GPS News


Nov 2010 | No Comment


Air Force rebuts auditor’s concerns about GPS

A report from the Government Accountability Office, the investigative arm of Congress, said the latest GPS satellite was launched almost 3½ years behind schedule, and further delays could leave the system with fewer than the 24 orbiting satellites it needs as older models wear out and stop working. Col. David Buckman of the Air Force Space Command at Peterson Air Force Base said the report’s facts were correct, but “we think it draws overly pessimistic conclusions based on those facts.” Buckman said satellites currently in the design or construction phase are on schedule, and the Air Force has 31 healthy, operational satellites in orbit.

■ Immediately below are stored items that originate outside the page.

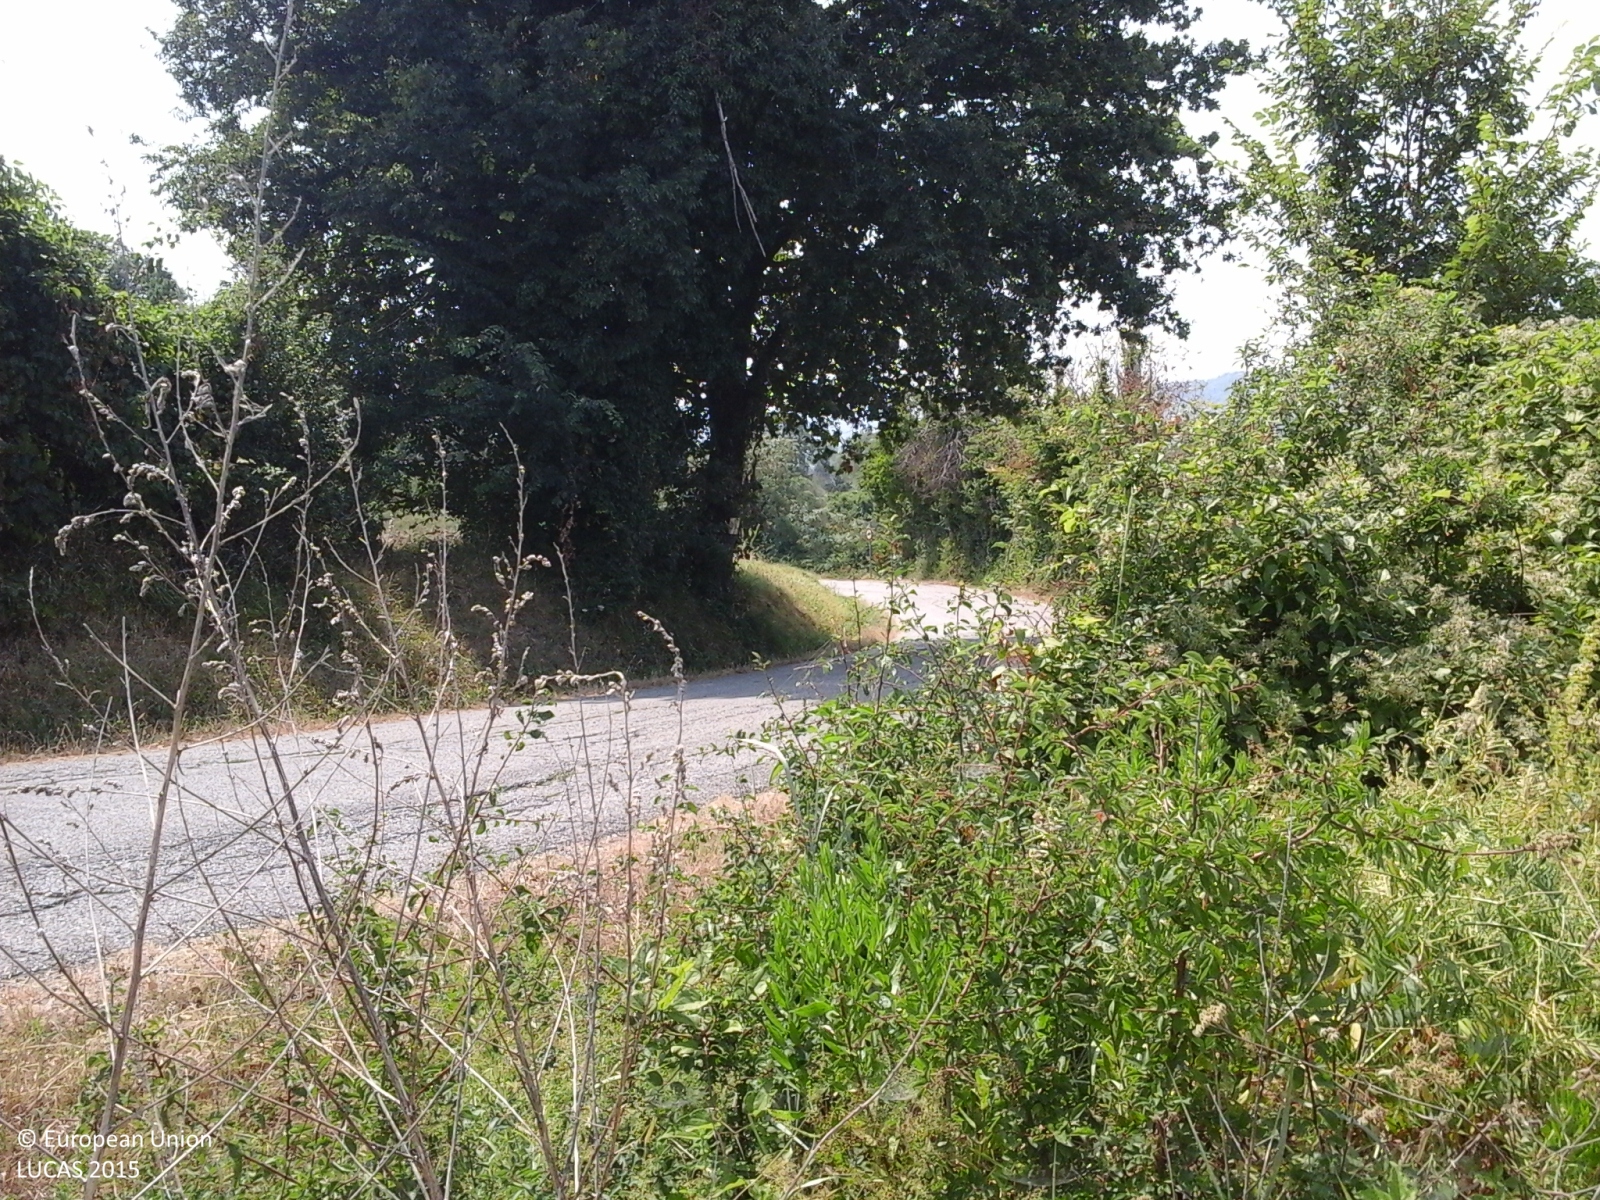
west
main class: Cropland
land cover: Other leguminous and mixtures for fodder
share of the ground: > 75 %
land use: Agriculture (excluding fallow land and kitchen gardens)
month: July
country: IT
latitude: 44.0352
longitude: 12.3529
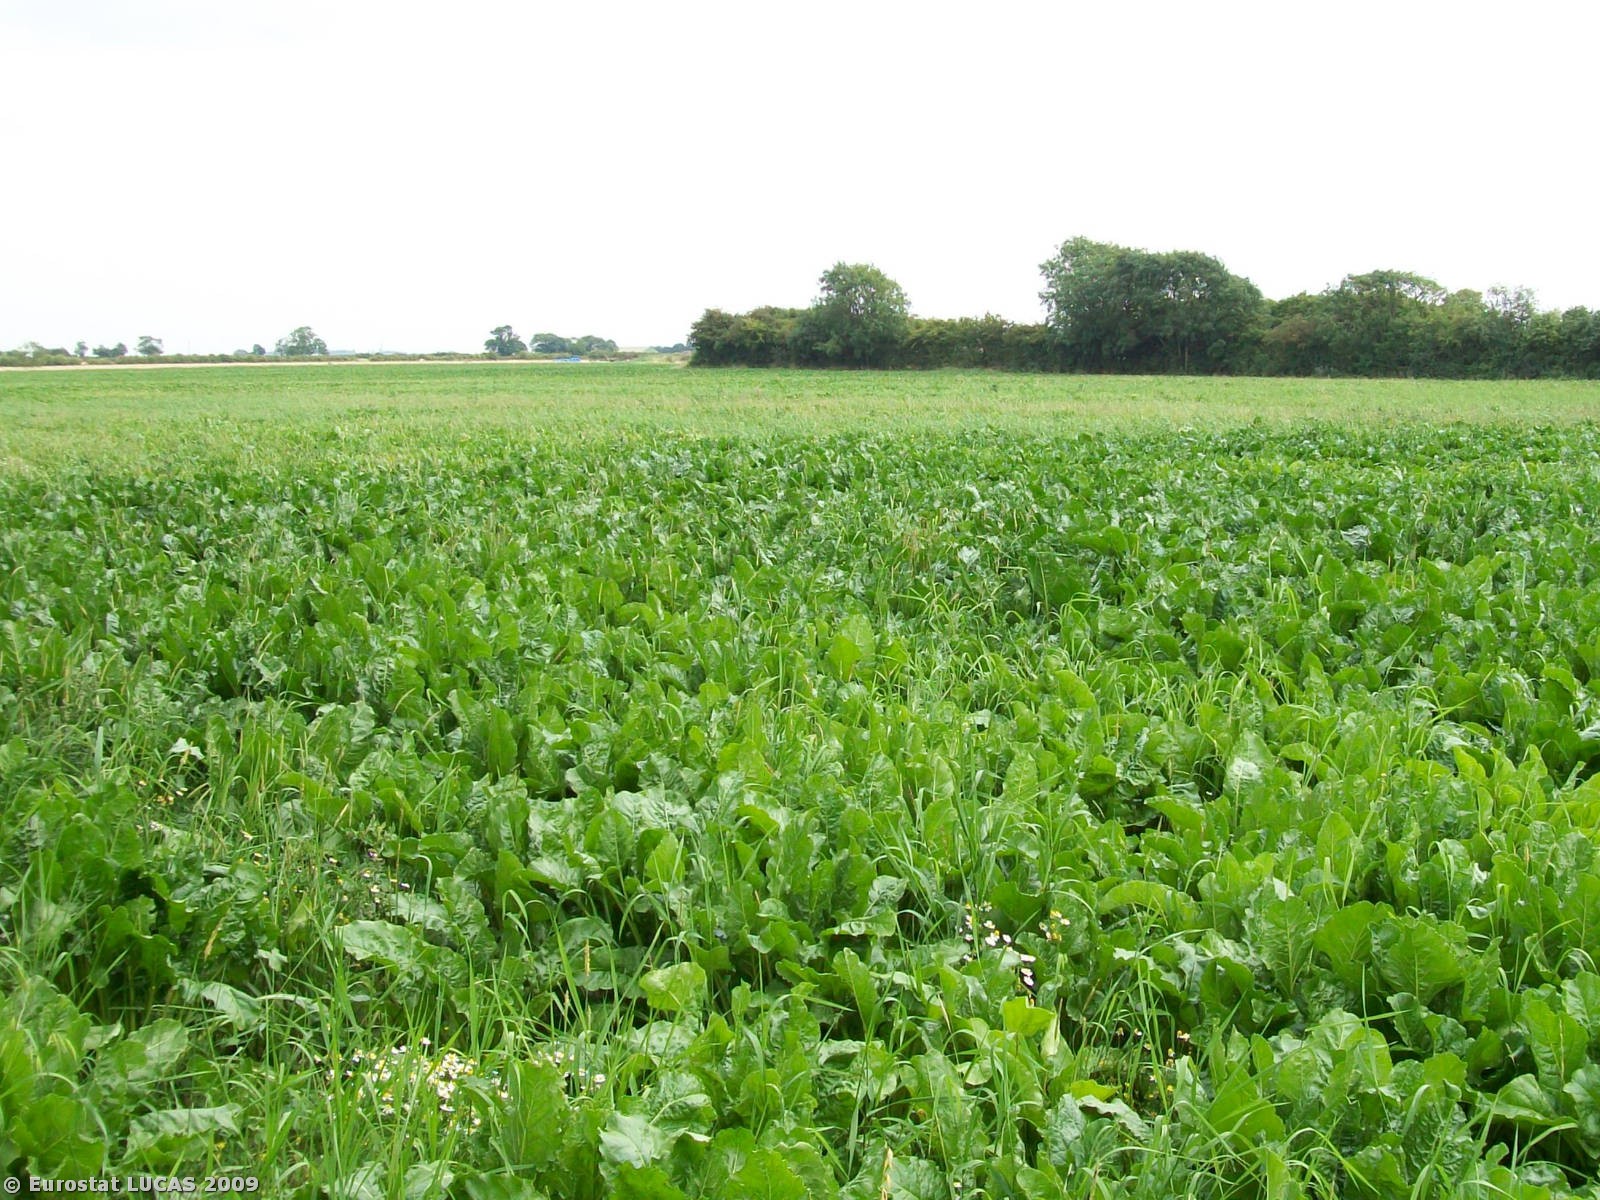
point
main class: Cropland
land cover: Sugar beet
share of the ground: > 75 %
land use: Agriculture (excluding fallow land and kitchen gardens)
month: August
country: GB
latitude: 53.6854
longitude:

CellGuide introduces HiMap

CellGuide HiMap technology for precision urban positioning now commercially available for CellGuide’s ACLYS chip, ACLYS IP Core, and GPSense engine. It is also available for licensing as an add-on to GNSS receiver manufacturers. HiMap improves GNSS navigation performance in urban canyons.

GPS chips in rhino horns

South African rangers plan to implant GPS devices in the horns of rhinos in a new effort to combat rampant poaching. The GPS chips link up to a computer monitoring station where park rangers track the rhinos. An alarm signal activates if the rhino lies inert for longer than is deemed normal, or becomes unusually active.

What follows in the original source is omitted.